» EXERCISE DIRECTIONS
Return all the entries below exactly, except for the images they hold.

━━ INPUT

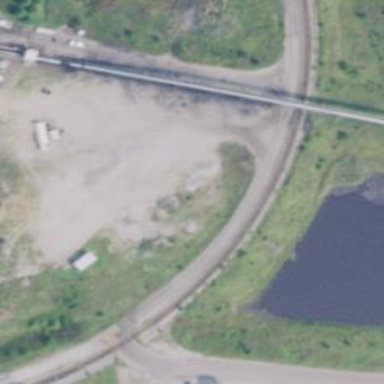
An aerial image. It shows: Railway spur service.
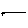
Label: line
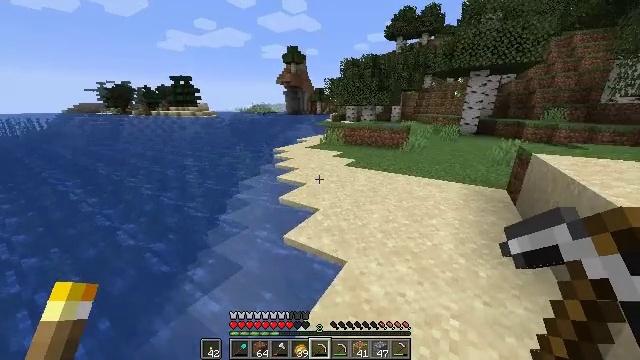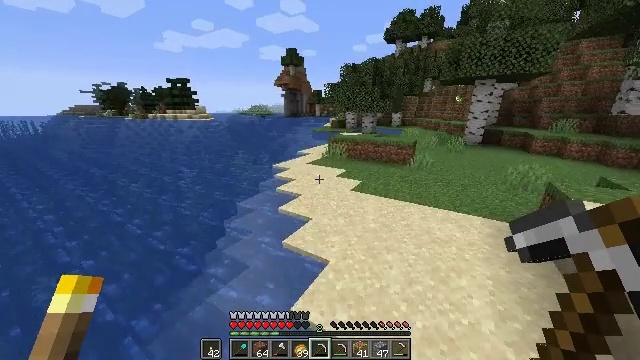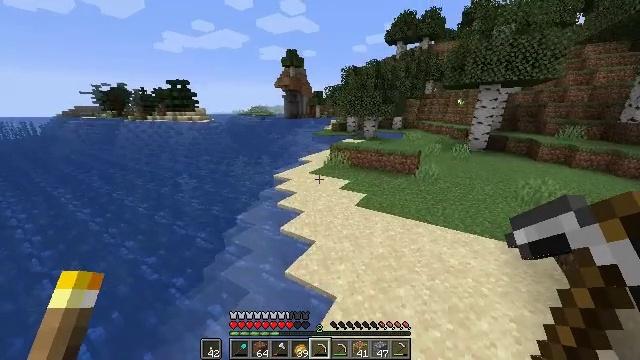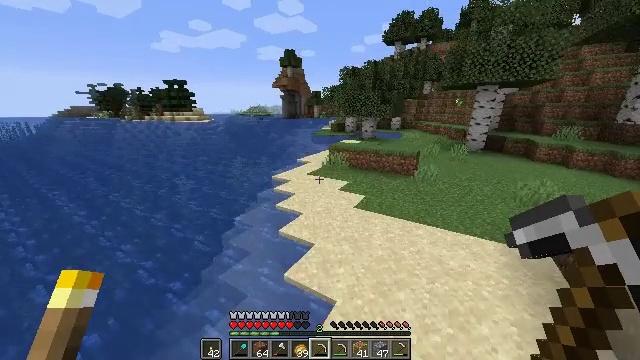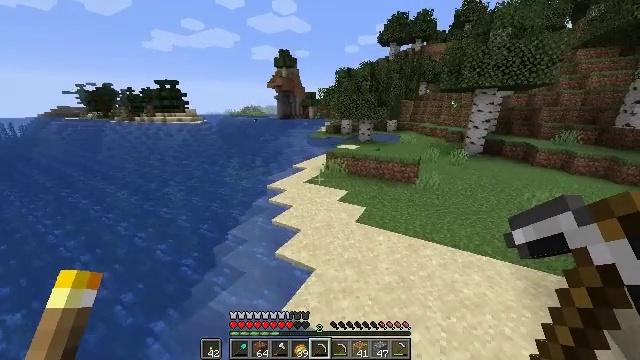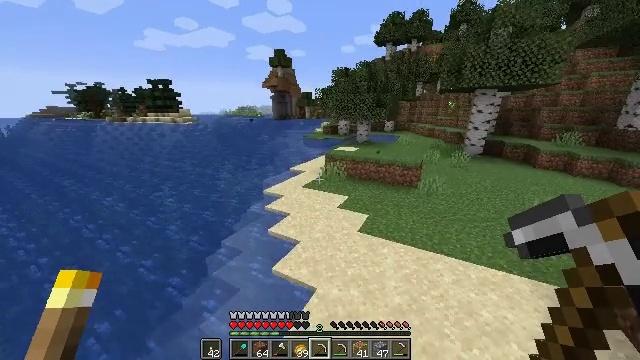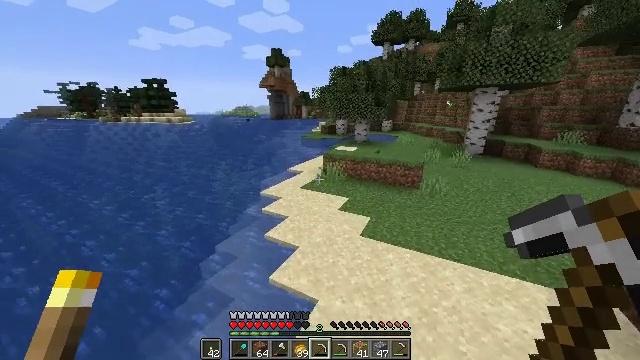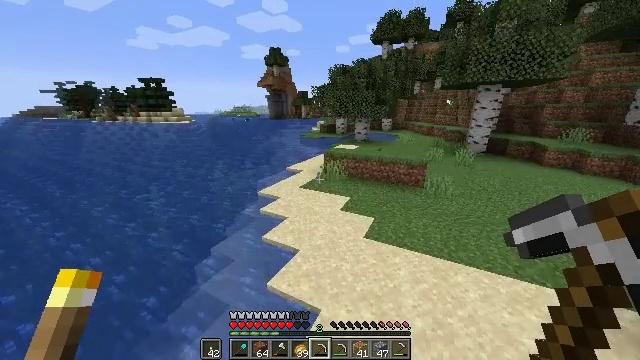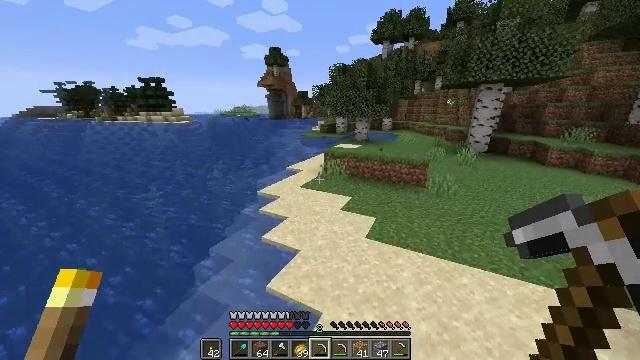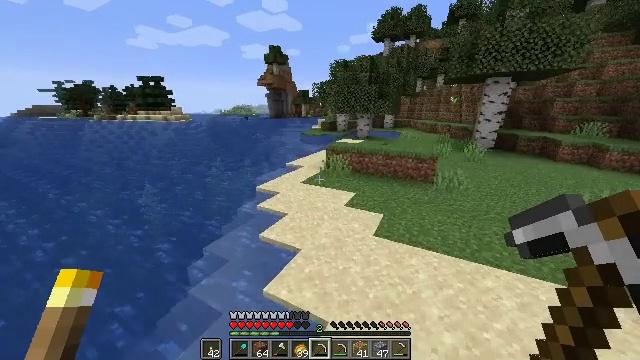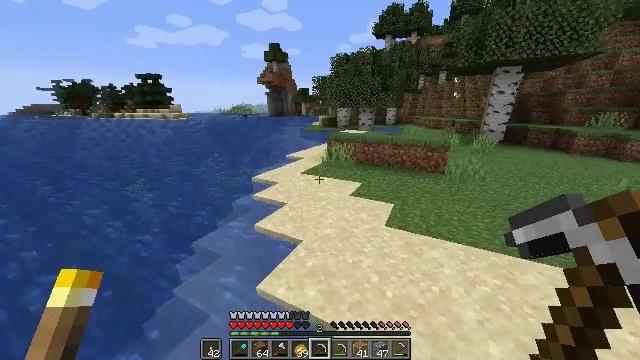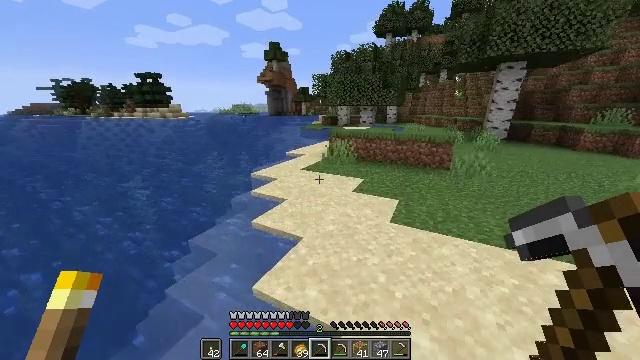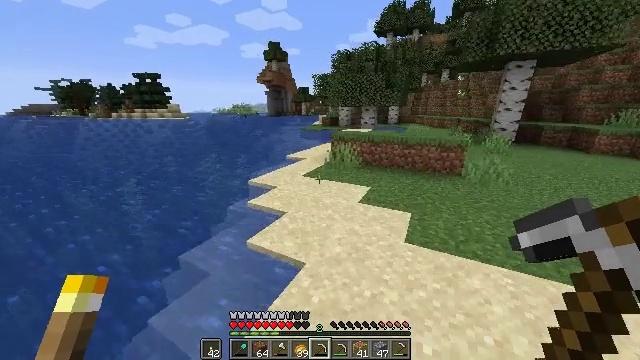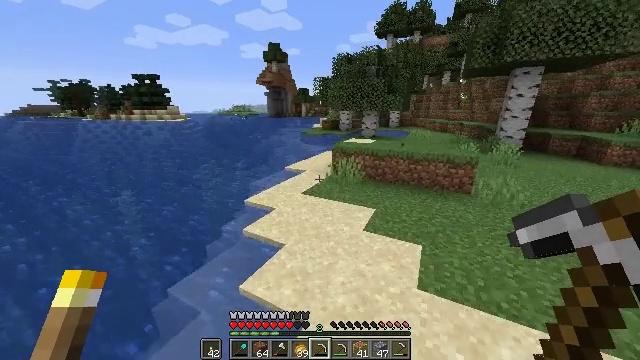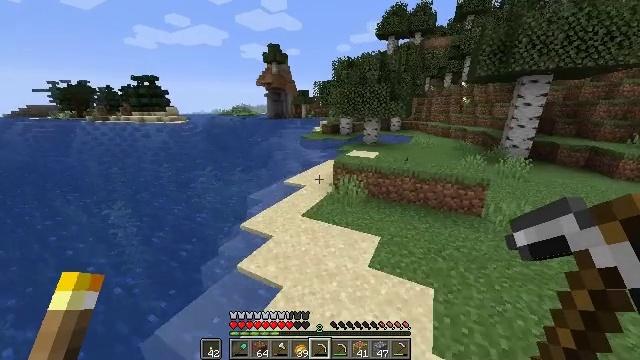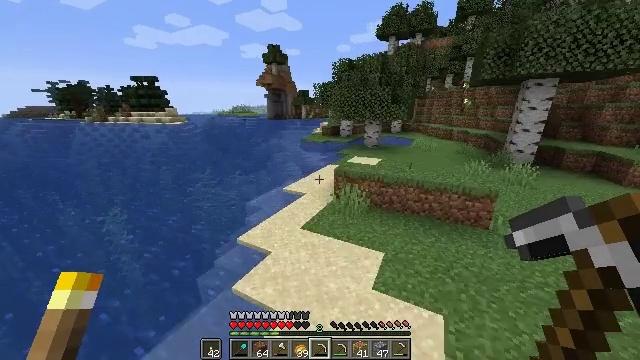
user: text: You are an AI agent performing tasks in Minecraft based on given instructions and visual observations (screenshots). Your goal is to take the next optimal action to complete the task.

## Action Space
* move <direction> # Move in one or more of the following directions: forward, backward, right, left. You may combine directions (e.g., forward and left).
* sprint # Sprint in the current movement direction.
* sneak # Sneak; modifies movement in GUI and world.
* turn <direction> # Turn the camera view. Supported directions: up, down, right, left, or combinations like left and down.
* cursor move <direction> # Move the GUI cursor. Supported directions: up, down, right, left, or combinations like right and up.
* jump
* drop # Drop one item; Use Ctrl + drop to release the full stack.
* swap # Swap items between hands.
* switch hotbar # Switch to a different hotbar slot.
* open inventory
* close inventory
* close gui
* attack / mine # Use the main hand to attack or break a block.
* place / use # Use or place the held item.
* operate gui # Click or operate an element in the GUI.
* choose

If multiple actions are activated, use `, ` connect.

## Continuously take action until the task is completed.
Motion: motion action
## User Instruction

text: Gather kelp plant by attacking it underwater.
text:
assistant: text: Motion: move forward, sprint, jump
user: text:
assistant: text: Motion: move forward, jump
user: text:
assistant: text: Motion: move forward, jump
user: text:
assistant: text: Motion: move forward, turn right, jump
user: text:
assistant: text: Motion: move forward, turn right, jump
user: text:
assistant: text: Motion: move forward, jump
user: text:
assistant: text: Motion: move forward, jump
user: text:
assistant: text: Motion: move forward, jump
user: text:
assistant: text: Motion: move forward, jump
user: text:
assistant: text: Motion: move forward, jump
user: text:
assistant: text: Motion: move forward, sprint, jump
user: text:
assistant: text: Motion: move forward, sprint, jump
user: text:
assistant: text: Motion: move forward, sprint, jump
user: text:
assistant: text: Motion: move forward, sprint, jump
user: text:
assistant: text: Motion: move forward, jump
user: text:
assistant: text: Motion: move forward, jump
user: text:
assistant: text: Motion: move forward, jump
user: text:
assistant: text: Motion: move forward, jump
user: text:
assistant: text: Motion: move forward, jump
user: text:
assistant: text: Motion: move forward, jump
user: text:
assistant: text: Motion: move forward, turn left, jump
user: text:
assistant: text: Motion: move forward, turn left, jump
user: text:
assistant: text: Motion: move forward, turn left and down, jump
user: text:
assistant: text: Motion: move forward, sprint, turn left and down, jump
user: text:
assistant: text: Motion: move forward, sprint, turn left and down, jump
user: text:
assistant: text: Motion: move forward, sprint, turn left, jump
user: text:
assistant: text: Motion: move forward, sprint, turn left, jump
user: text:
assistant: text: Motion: move forward, jump
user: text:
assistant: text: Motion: move forward, jump
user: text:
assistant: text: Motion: move forward, turn left, jump
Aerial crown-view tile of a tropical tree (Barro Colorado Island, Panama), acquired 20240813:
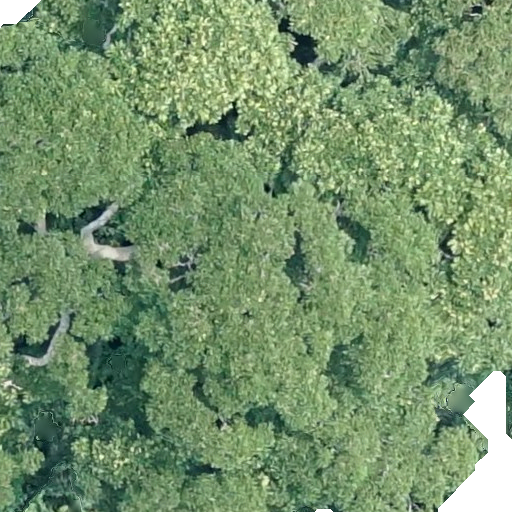
Species: Dipteryx oleifera
GBIF accepted scientific name: Dipteryx oleifera
Crown area: 767.434 m²
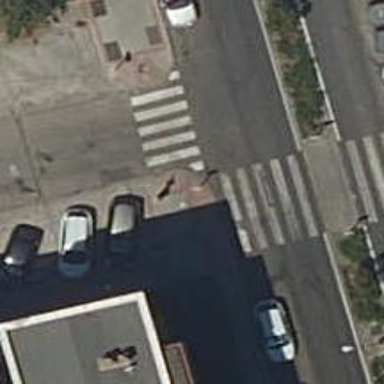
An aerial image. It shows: Marked crossing on footway.
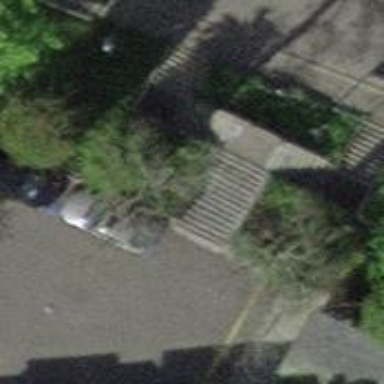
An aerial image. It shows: Steps made of asphalt.
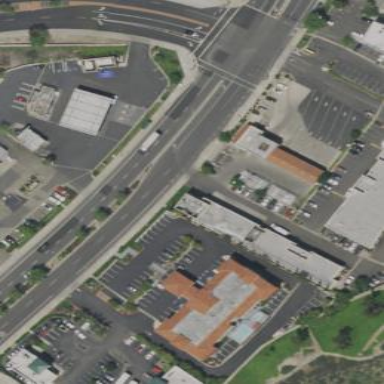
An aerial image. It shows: Retail area.
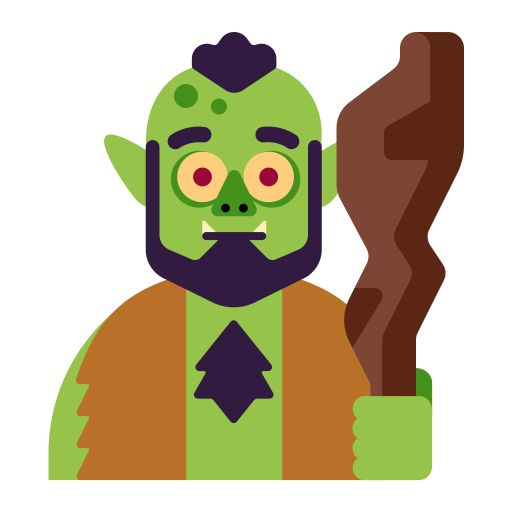
troll flat
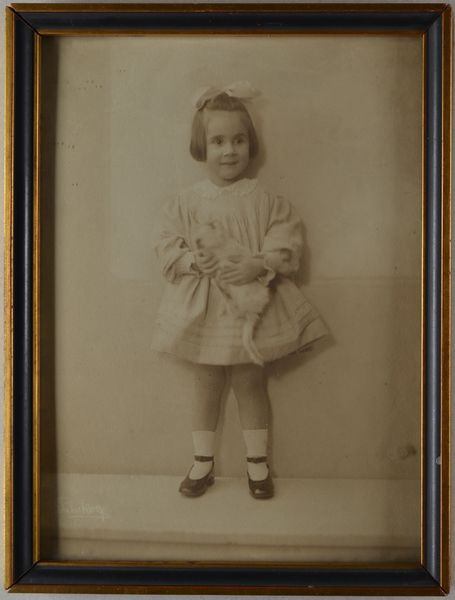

━━━━

» EXPECTED ANSWER
An aerial image. It shows: Railway spur service.
Label: line
user: text: You are an AI agent performing tasks in Minecraft based on given instructions and visual observations (screenshots). Your goal is to take the next optimal action to complete the task.

## Action Space
* move <direction> # Move in one or more of the following directions: forward, backward, right, left. You may combine directions (e.g., forward and left).
* sprint # Sprint in the current movement direction.
* sneak # Sneak; modifies movement in GUI and world.
* turn <direction> # Turn the camera view. Supported directions: up, down, right, left, or combinations like left and down.
* cursor move <direction> # Move the GUI cursor. Supported directions: up, down, right, left, or combinations like right and up.
* jump
* drop # Drop one item; Use Ctrl + drop to release the full stack.
* swap # Swap items between hands.
* switch hotbar # Switch to a different hotbar slot.
* open inventory
* close inventory
* close gui
* attack / mine # Use the main hand to attack or break a block.
* place / use # Use or place the held item.
* operate gui # Click or operate an element in the GUI.
* choose

If multiple actions are activated, use `, ` connect.

## Continuously take action until the task is completed.
Motion: motion action
## User Instruction

text: Gather kelp plant by attacking it underwater.
text:
assistant: text: Motion: move forward, sprint, jump
user: text:
assistant: text: Motion: move forward, jump
user: text:
assistant: text: Motion: move forward, jump
user: text:
assistant: text: Motion: move forward, turn right, jump
user: text:
assistant: text: Motion: move forward, turn right, jump
user: text:
assistant: text: Motion: move forward, jump
user: text:
assistant: text: Motion: move forward, jump
user: text:
assistant: text: Motion: move forward, jump
user: text:
assistant: text: Motion: move forward, jump
user: text:
assistant: text: Motion: move forward, jump
user: text:
assistant: text: Motion: move forward, sprint, jump
user: text:
assistant: text: Motion: move forward, sprint, jump
user: text:
assistant: text: Motion: move forward, sprint, jump
user: text:
assistant: text: Motion: move forward, sprint, jump
user: text:
assistant: text: Motion: move forward, jump
user: text:
assistant: text: Motion: move forward, jump
user: text:
assistant: text: Motion: move forward, jump
user: text:
assistant: text: Motion: move forward, jump
user: text:
assistant: text: Motion: move forward, jump
user: text:
assistant: text: Motion: move forward, jump
user: text:
assistant: text: Motion: move forward, turn left, jump
user: text:
assistant: text: Motion: move forward, turn left, jump
user: text:
assistant: text: Motion: move forward, turn left and down, jump
user: text:
assistant: text: Motion: move forward, sprint, turn left and down, jump
user: text:
assistant: text: Motion: move forward, sprint, turn left and down, jump
user: text:
assistant: text: Motion: move forward, sprint, turn left, jump
user: text:
assistant: text: Motion: move forward, sprint, turn left, jump
user: text:
assistant: text: Motion: move forward, jump
user: text:
assistant: text: Motion: move forward, jump
user: text:
assistant: text: Motion: move forward, turn left, jump
Aerial crown-view tile of a tropical tree (Barro Colorado Island, Panama), acquired 20240813:
Species: Dipteryx oleifera
GBIF accepted scientific name: Dipteryx oleifera
Crown area: 767.434 m²
An aerial image. It shows: Marked crossing on footway.
An aerial image. It shows: Steps made of asphalt.
An aerial image. It shows: Retail area.
troll flat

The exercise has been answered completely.